Para o historiador, a Europa deu um "tiro no pé" ao compactuar com a estratégia norte-americana de impor sanções a países como a Rússia, ao perderem acesso a recursos energéticos de baixo custo e aumentarem dependência maior em termos tecnológicos.
"Eles [Europa] estão entrando em recessão por causa de sanções e políticas propostas pelos Estados Unidos, contrárias aos seus interesses e que beneficiam os Estados Unidos na sua competição pelos mercados globais”, disse ele. “As sanções, ainda que sejam consideradas forma de pressão política, na verdade é guerra econômica pura, uma outra face da guerra que os Estados Unidos estão travando com os países concorrentes para manutenção da sua hegemonia".
Trump e Rússia
Ao comentar as declarações de Lavrov sobre as relações da Rússia com o futuro presidente dos EUA, Donald Trump, o historiador afirmou que ainda é cedo para prever as ações de Trump, após sua posse, apesar dos sinais deixados por suas recentes declarações de que seu governo será mais intervencionista.
"Pode não ser sobre o aspecto militar, mas que ele vai ser mais assertivo nas relações internacionais, naquilo que ele considera interesse norte-americano, não tenho dúvida. E as propostas para a Ucrânia deverão considerar muito mais os interesses americanos e russos em relação à Ucrânia do que os interesses ucranianos nessa história", opinou.
Rússia e Brasil
Para Cabral, o apoio da Rússia ao Brasil não é mero simbolismo e isso ficou claro em uma das falas de Lavrov, quando voltou a defender a participação permanente do Brasil e da Índia no Conselho de Segurança das Nações Unidas, além do assento permanente africano.
"Nem a China se manifesta tão incisivamente, é que não é a primeira manifestação da Rússia em favor do Brasil e da Índia para um assento no Conselho de Segurança, até porque os Estados Unidos começam o jogo com 3 a 0. Porque a França e o Reino Unido normalmente votam em conjunto com os americanos. E há uma relação de poder que já está amplamente ultrapassada", completou Cabral.

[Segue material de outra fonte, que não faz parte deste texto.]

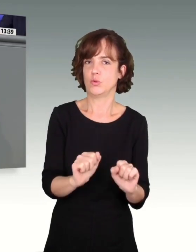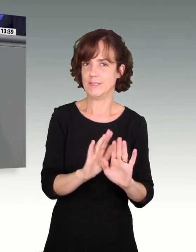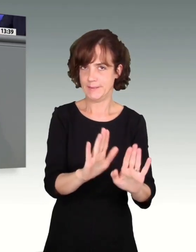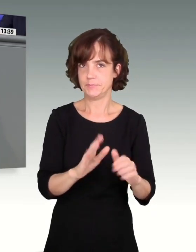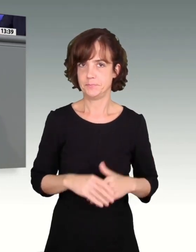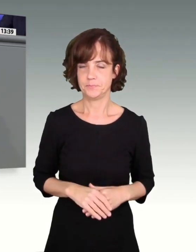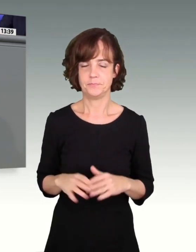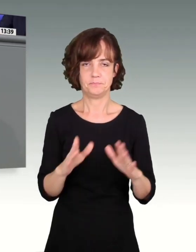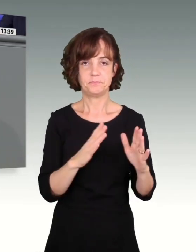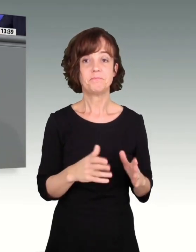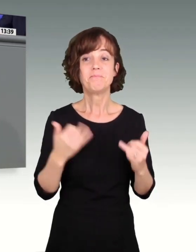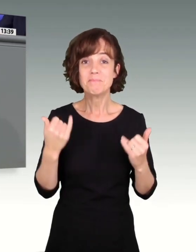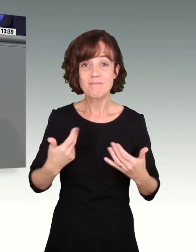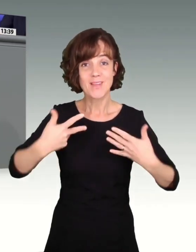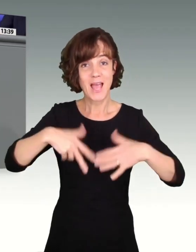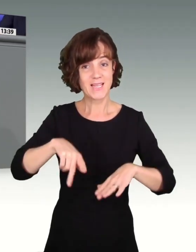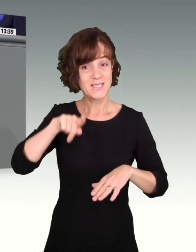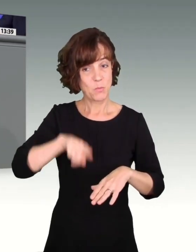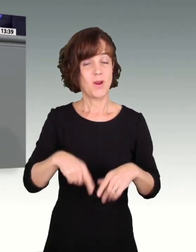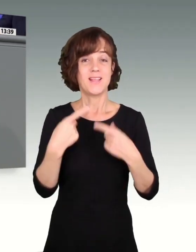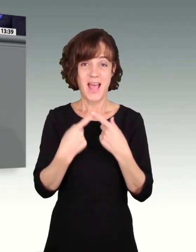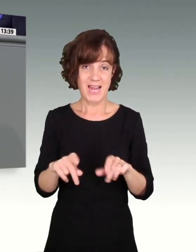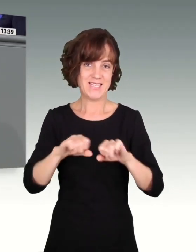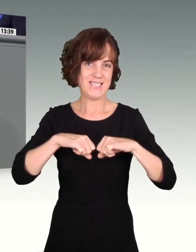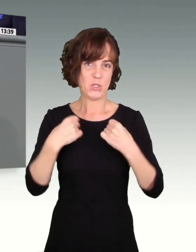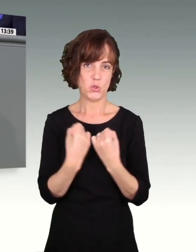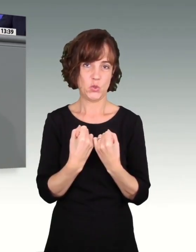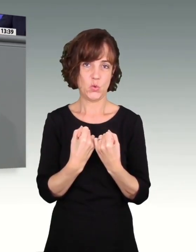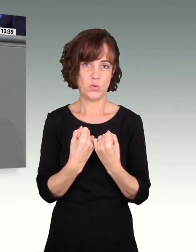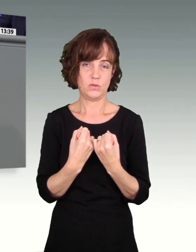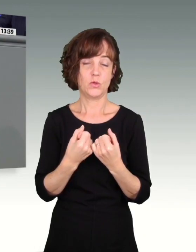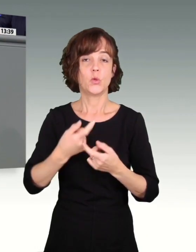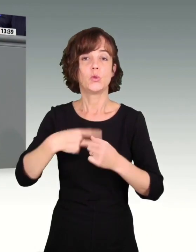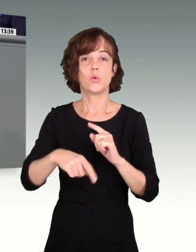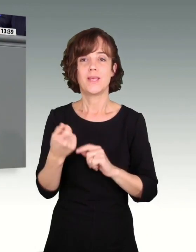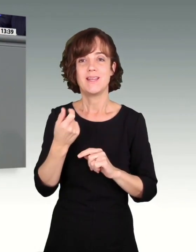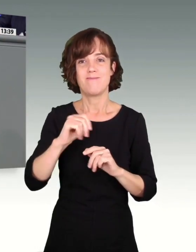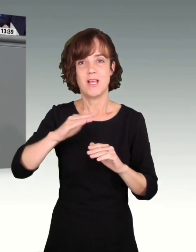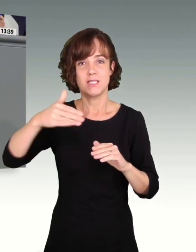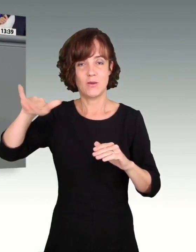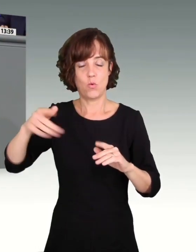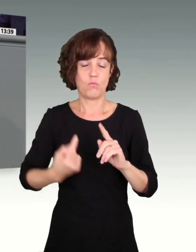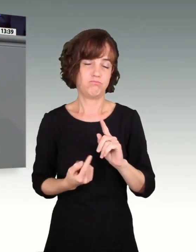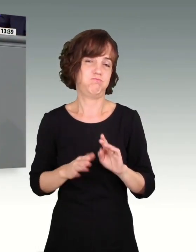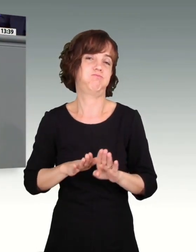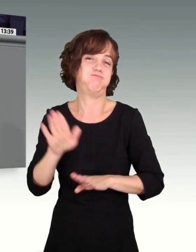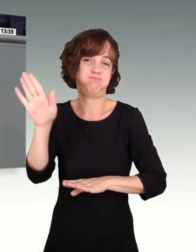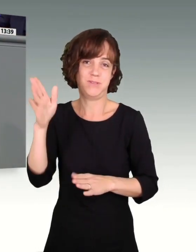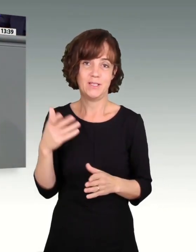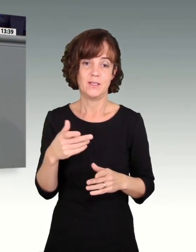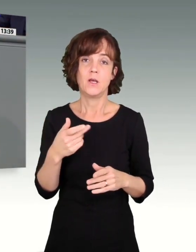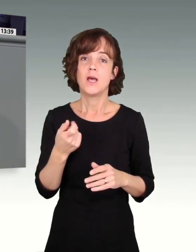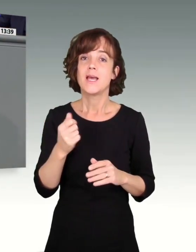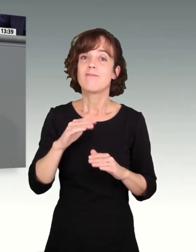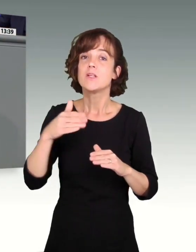Jetzt haben wir seit 18 Monaten eine andere Situation in diesem Land, und die ist bedingt durch die hohe Inflation. Die hohe Inflation ist verursacht,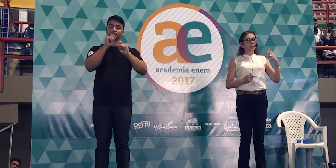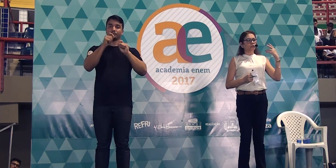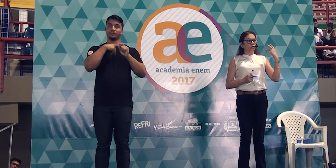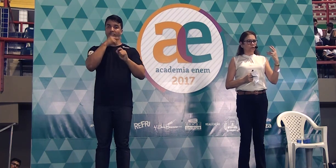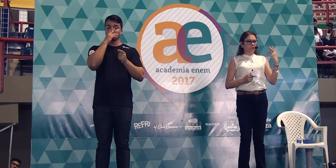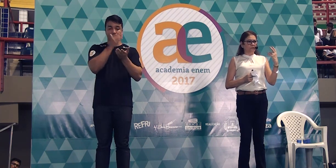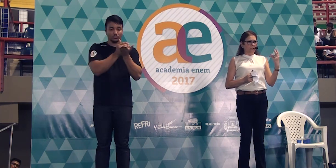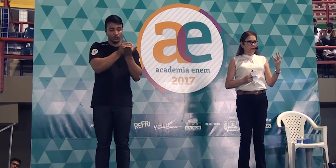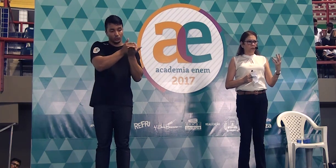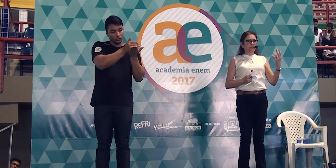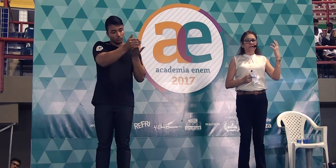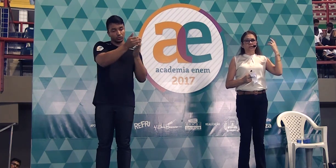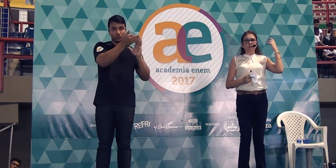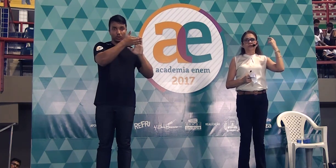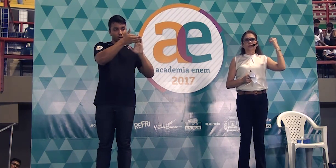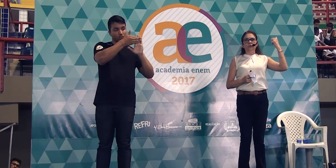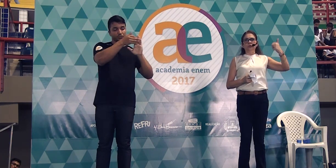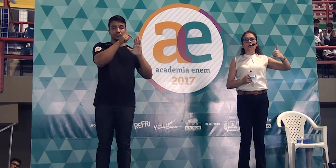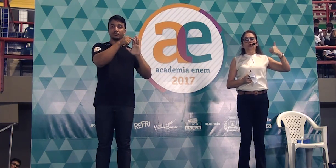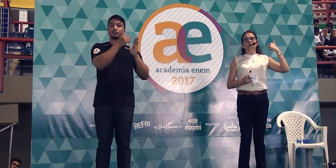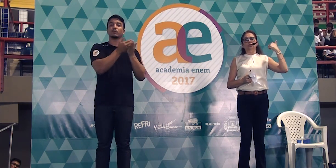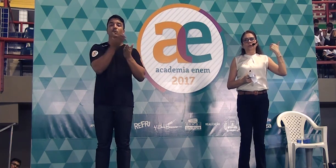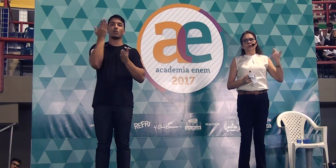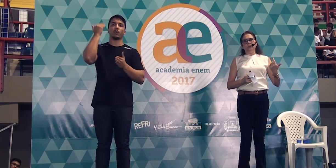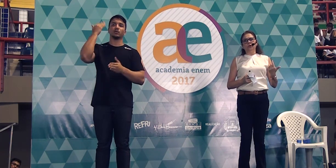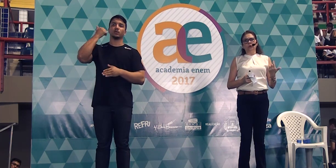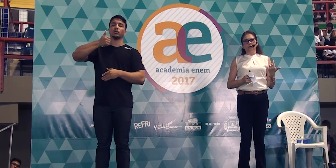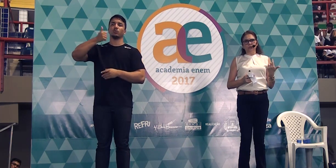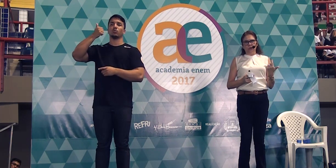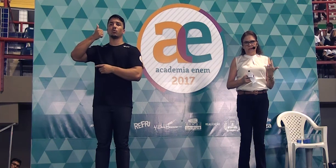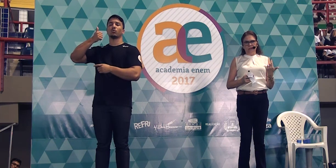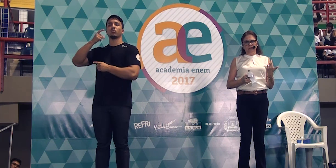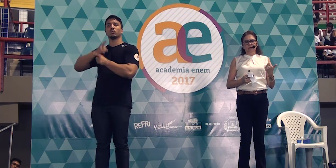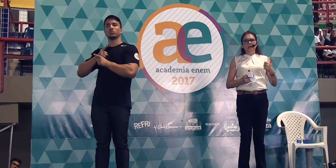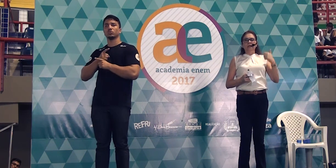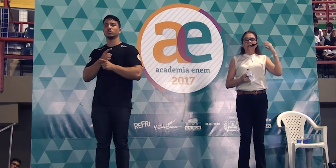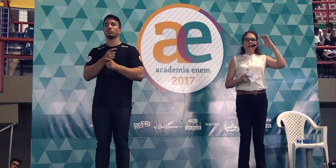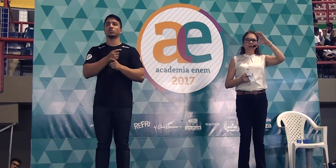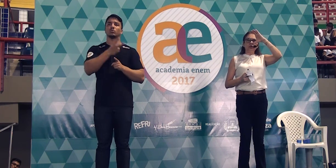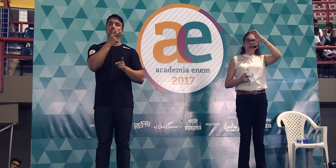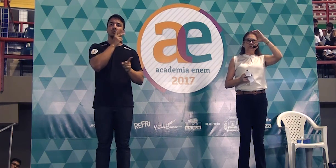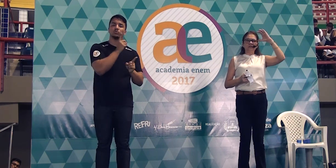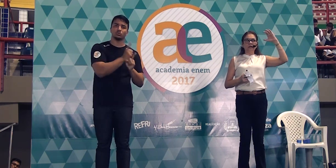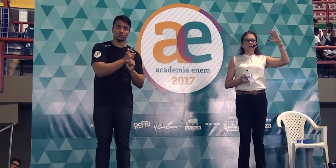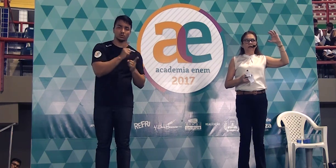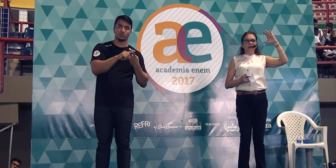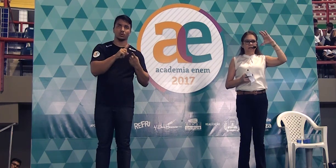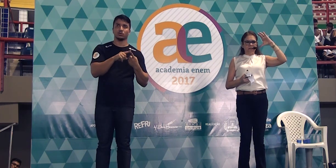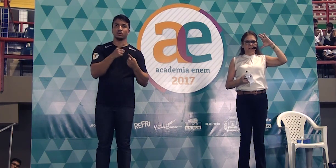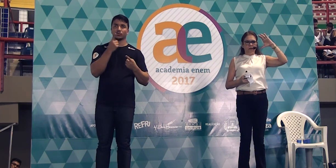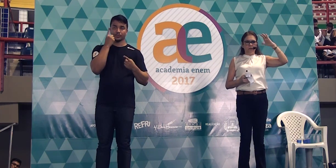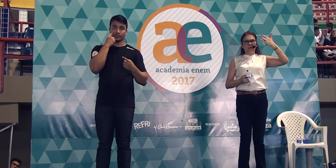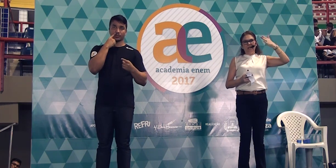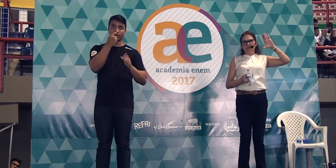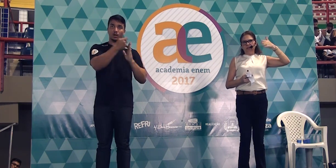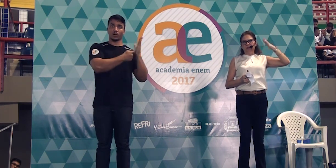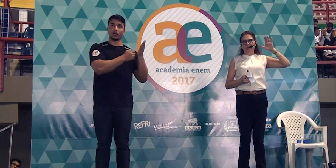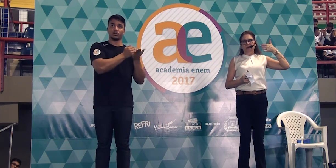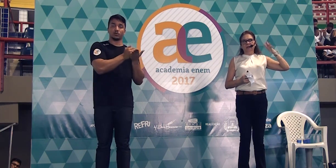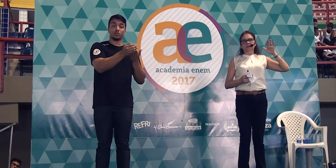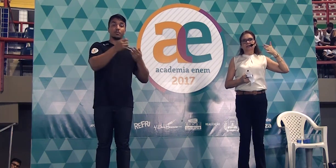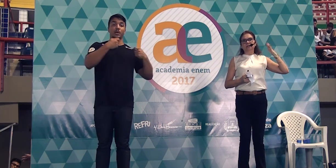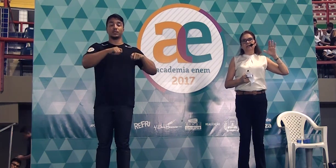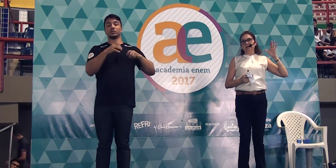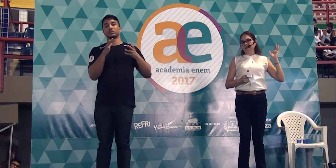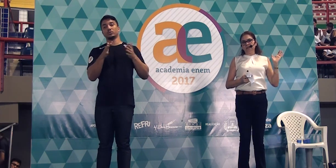na introdução, isso a gente viu no encontro um e no encontro dois. Na introdução da redação, que deve

Além do apoio político, o analista destacou vários outros benefícios que a parceria estratégica com a Rússia pode trazer para os países do Sul global, como transferência de tecnologia em várias áreas desde a energética, exploração de metais, produção de alimentos, segurança, entre outras.
"Deveríamos ter uma mente mais aberta, ver melhor a situação russa, até porque o equipamento é tecnologicamente competitivo em relação ao Ocidente, com uma relação custo-benefício muito menor. Então nós deveríamos estar mais atentos às possibilidades de cooperação técnico-científica com relação à Rússia [...] isso aí não é uma questão ideológica, eu acho que é uma questão de preconceito mesmo, passa governo, seja ele um governo mais progressista ou seja um governo mais conservador, e as relações com a Rússia ficam sempre em segundo plano, tem uma explicação lógica".